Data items
----

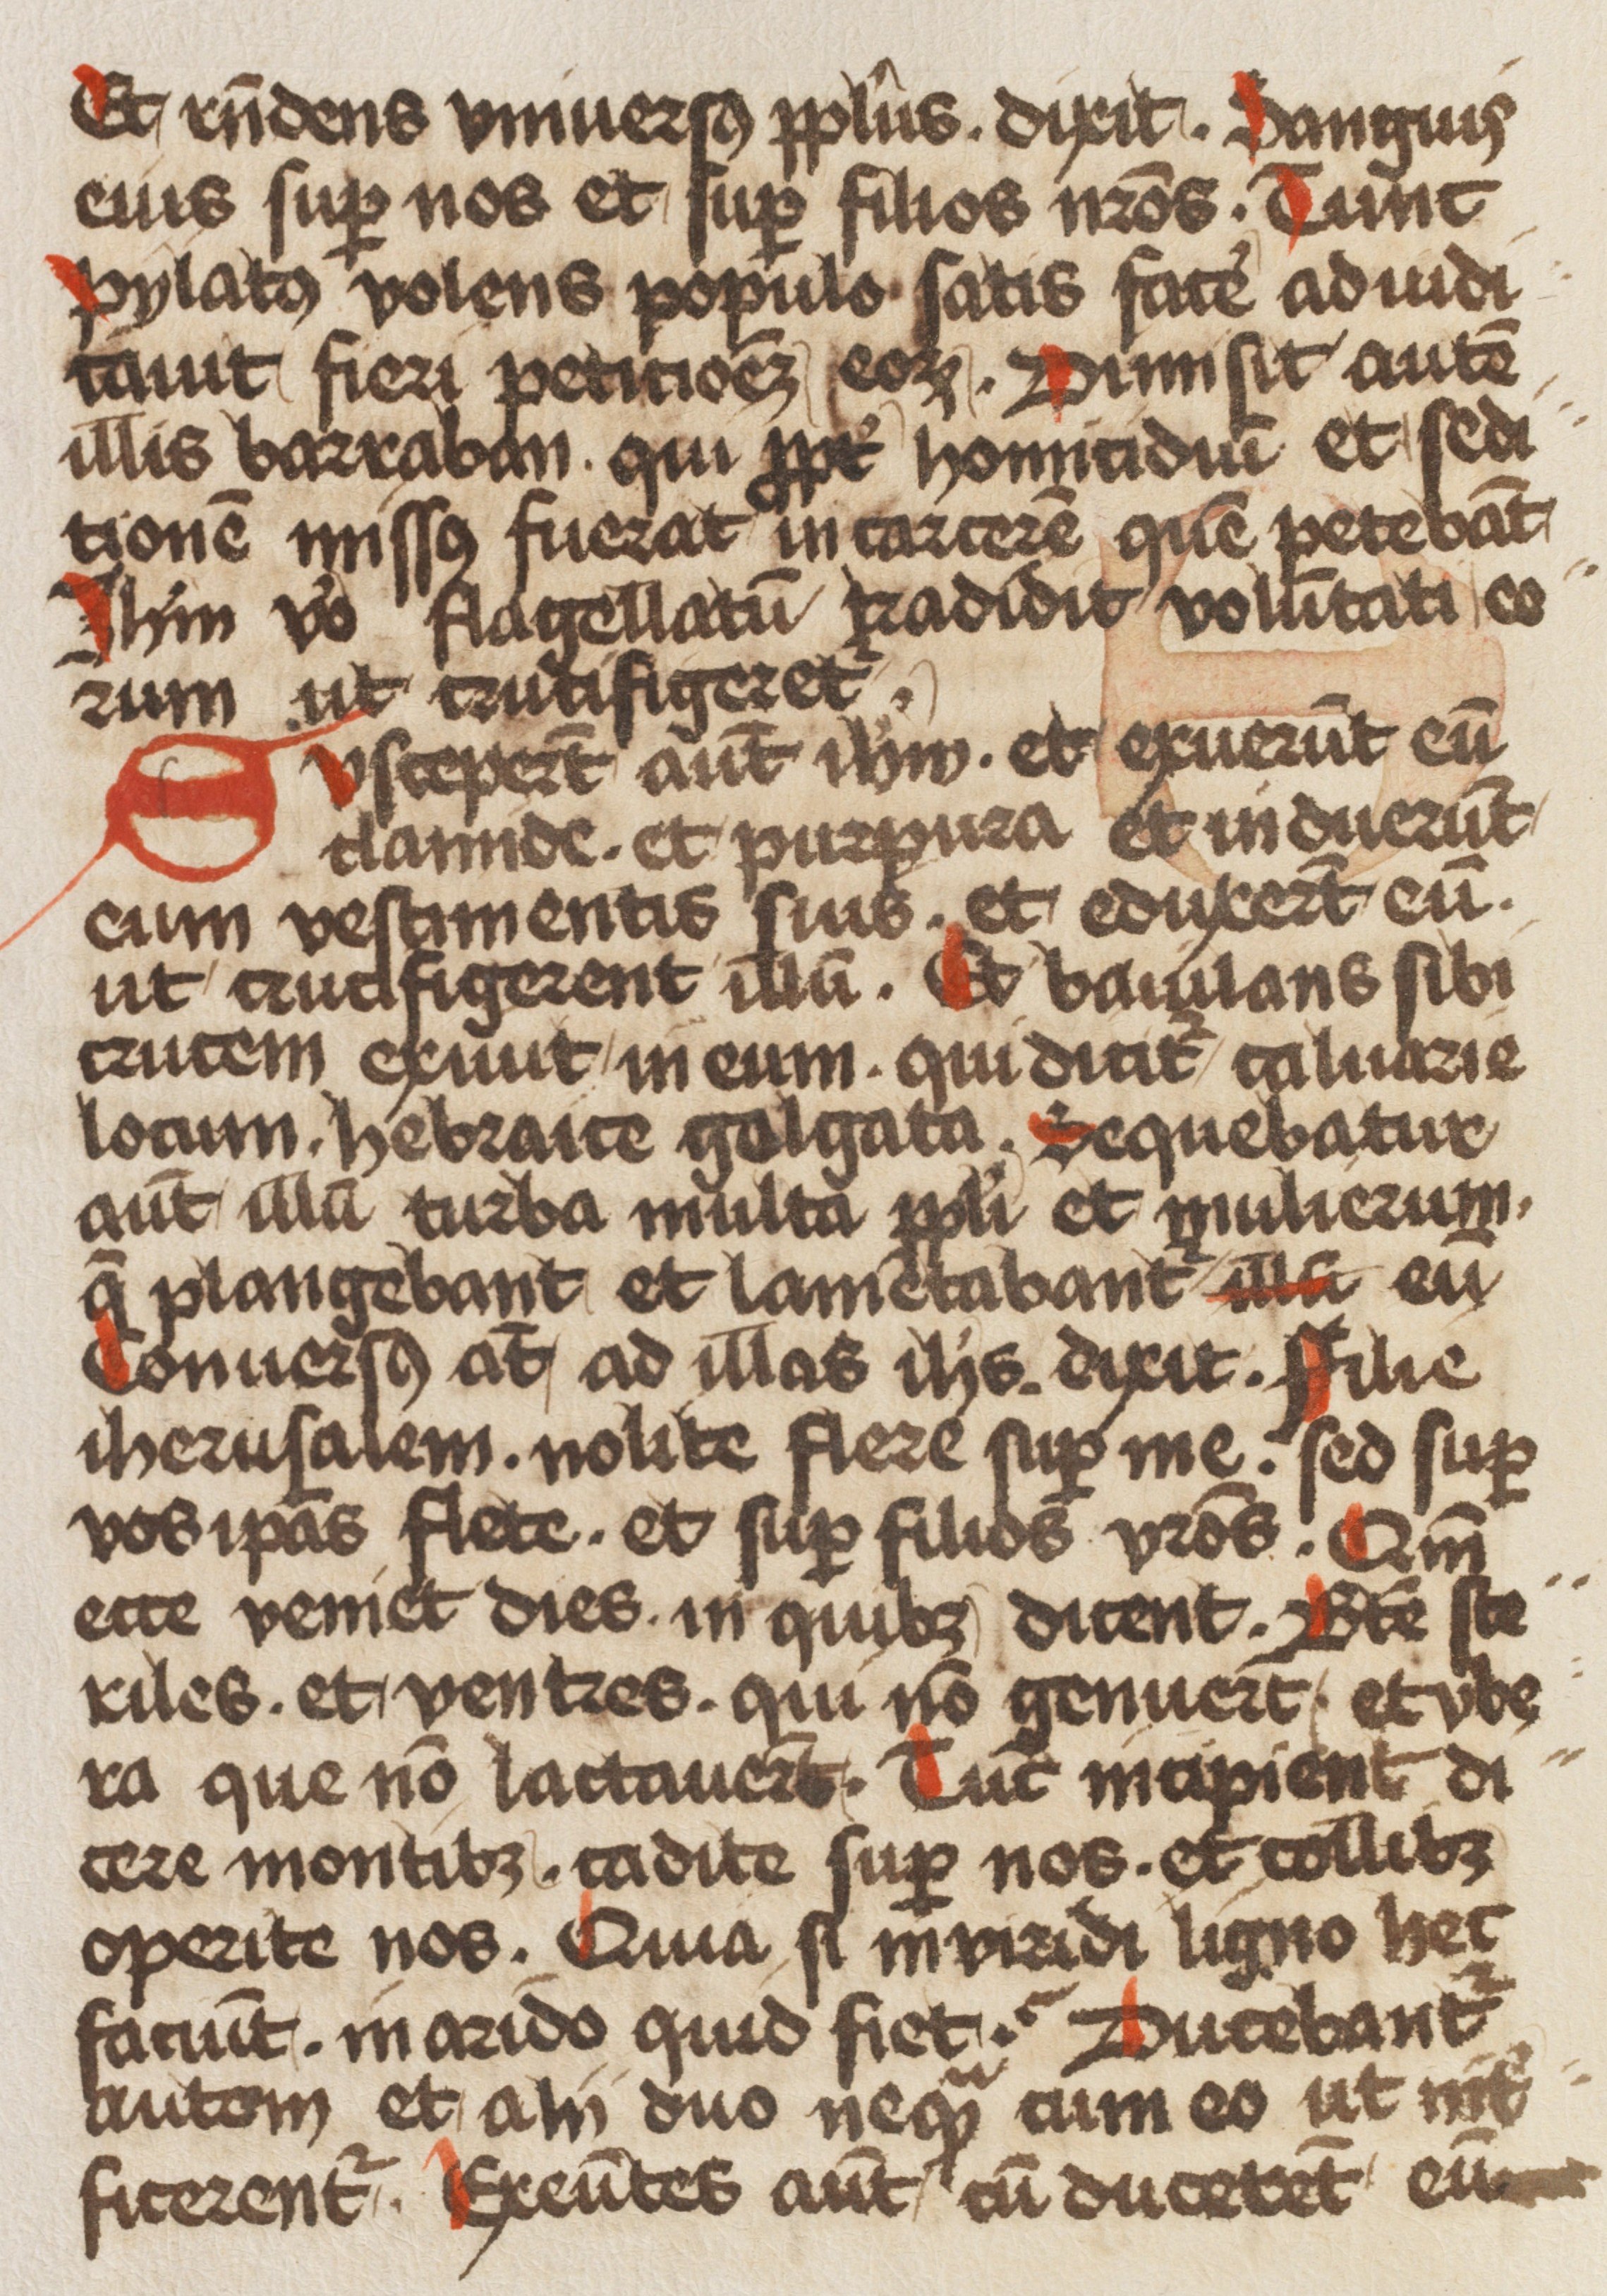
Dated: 1450–1499
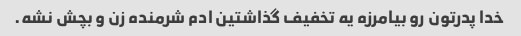
خدا پدرتون رو بیامرزه یه تخفیف گذاشتین ادم شرمنده زن و بچش نشه.
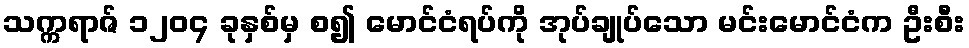
သက္ကရာဇ် ၁၂၀၄ ခုနှစ်မှ စ၍ မောင်ငံရပ်ကို အုပ်ချုပ်သော မင်းမောင်ငံက ဦးစီး
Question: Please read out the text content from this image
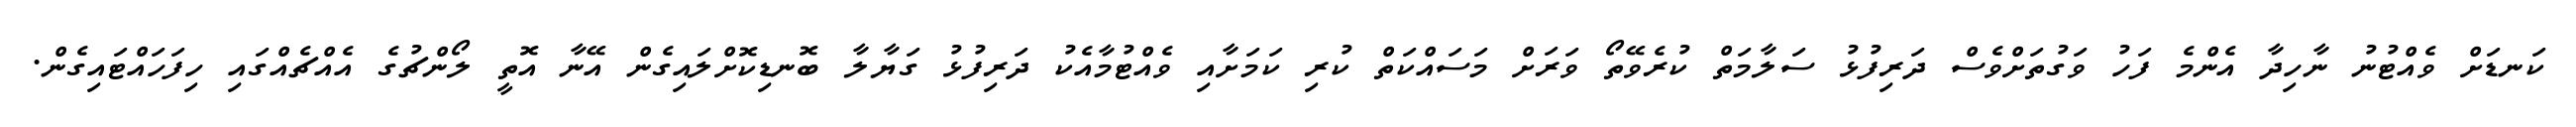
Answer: ކަނޑަށް ވެއްޓުނު ނާހިދާ އެންމެ ފަހު ވަގުތަށްވެސް ދަރިފުޅު ސަލާމަތް ކުރެވޭތޯ ވަރަށް މަސައްކަތް ކުރި ކަމަށާއި ވެއްޓުމާއެކު ދަރިފުޅު ގަޔާލާ ބޮނޑިކޮށްލައިގެން އޭނާ އޮތީ ލޯންޗުގެ އެއްޗެއްގައި ހިފަހައްޓައިގެން.
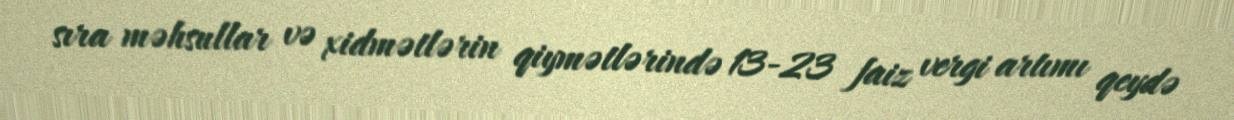
sıra məhsullar və xidmətlərin qiymətlərində 13-23 faiz vergi artımı qeydə
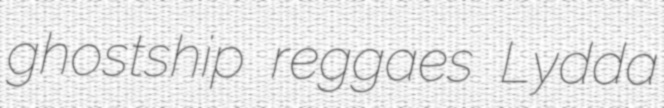
ghostship reggaes Lydda
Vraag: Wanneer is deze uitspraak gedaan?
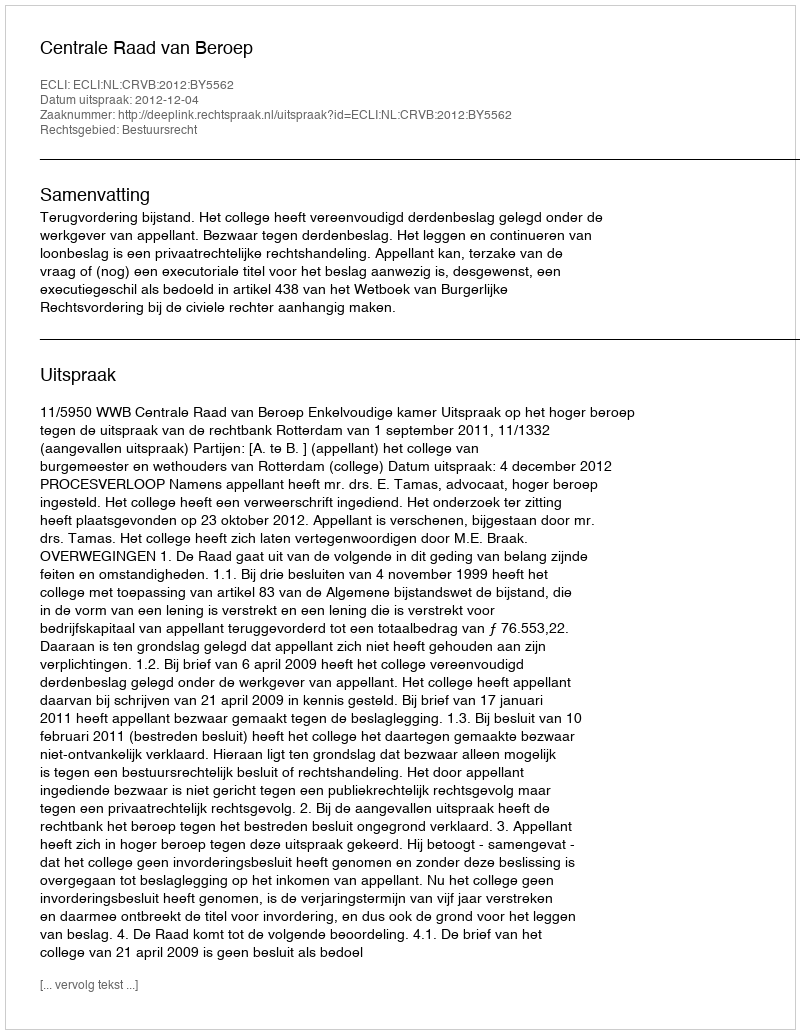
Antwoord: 2012-12-04
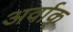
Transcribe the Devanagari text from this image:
अर्वाक्
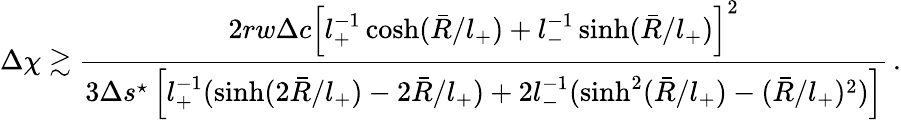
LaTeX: \Delta\chi\gtrsim\frac{2rw\Delta c\left[l_{+}^{-1}\cosh(\bar{R}/l_{+})+l_{-}^{-1}\sinh(\bar{R}/l_{+})\right]^{2}}{3\Delta s^{\star}\left[l_{+}^{-1}(\sinh(2\bar{R}/l_{+})-2\bar{R}/l_{+})+2l_{-}^{-1}(\sinh^{2}(\bar{R}/l_{+})-(\bar{R}/l_{+})^{2})\right]}\, .
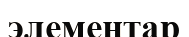
элементар
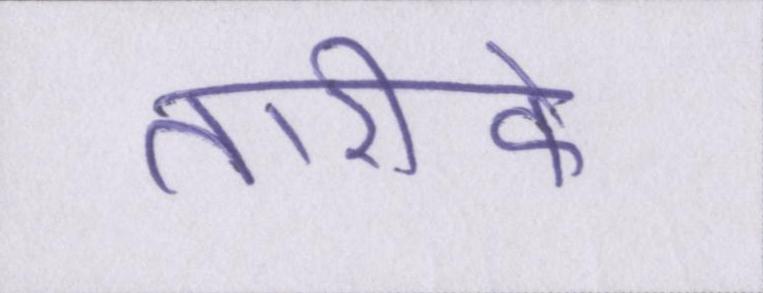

----

■ About this exercise ■
Reproduce the records, all of them, word for word; omit the pictures.

■ Output ■
Dated: 1450–1499
خدا پدرتون رو بیامرزه یه تخفیف گذاشتین ادم شرمنده زن و بچش نشه.
သက္ကရာဇ် ၁၂၀၄ ခုနှစ်မှ စ၍ မောင်ငံရပ်ကို အုပ်ချုပ်သော မင်းမောင်ငံက ဦးစီး
Question: Please read out the text content from this image
Answer: ކަނޑަށް ވެއްޓުނު ނާހިދާ އެންމެ ފަހު ވަގުތަށްވެސް ދަރިފުޅު ސަލާމަތް ކުރެވޭތޯ ވަރަށް މަސައްކަތް ކުރި ކަމަށާއި ވެއްޓުމާއެކު ދަރިފުޅު ގަޔާލާ ބޮނޑިކޮށްލައިގެން އޭނާ އޮތީ ލޯންޗުގެ އެއްޗެއްގައި ހިފަހައްޓައިގެން.
sıra məhsullar və xidmətlərin qiymətlərində 13-23 faiz vergi artımı qeydə
ghostship reggaes Lydda
Vraag: Wanneer is deze uitspraak gedaan?
Antwoord: 2012-12-04
Transcribe the Devanagari text from this image:
अर्वाक्
LaTeX: \Delta\chi\gtrsim\frac{2rw\Delta c\left[l_{+}^{-1}\cosh(\bar{R}/l_{+})+l_{-}^{-1}\sinh(\bar{R}/l_{+})\right]^{2}}{3\Delta s^{\star}\left[l_{+}^{-1}(\sinh(2\bar{R}/l_{+})-2\bar{R}/l_{+})+2l_{-}^{-1}(\sinh^{2}(\bar{R}/l_{+})-(\bar{R}/l_{+})^{2})\right]}\, .
элементар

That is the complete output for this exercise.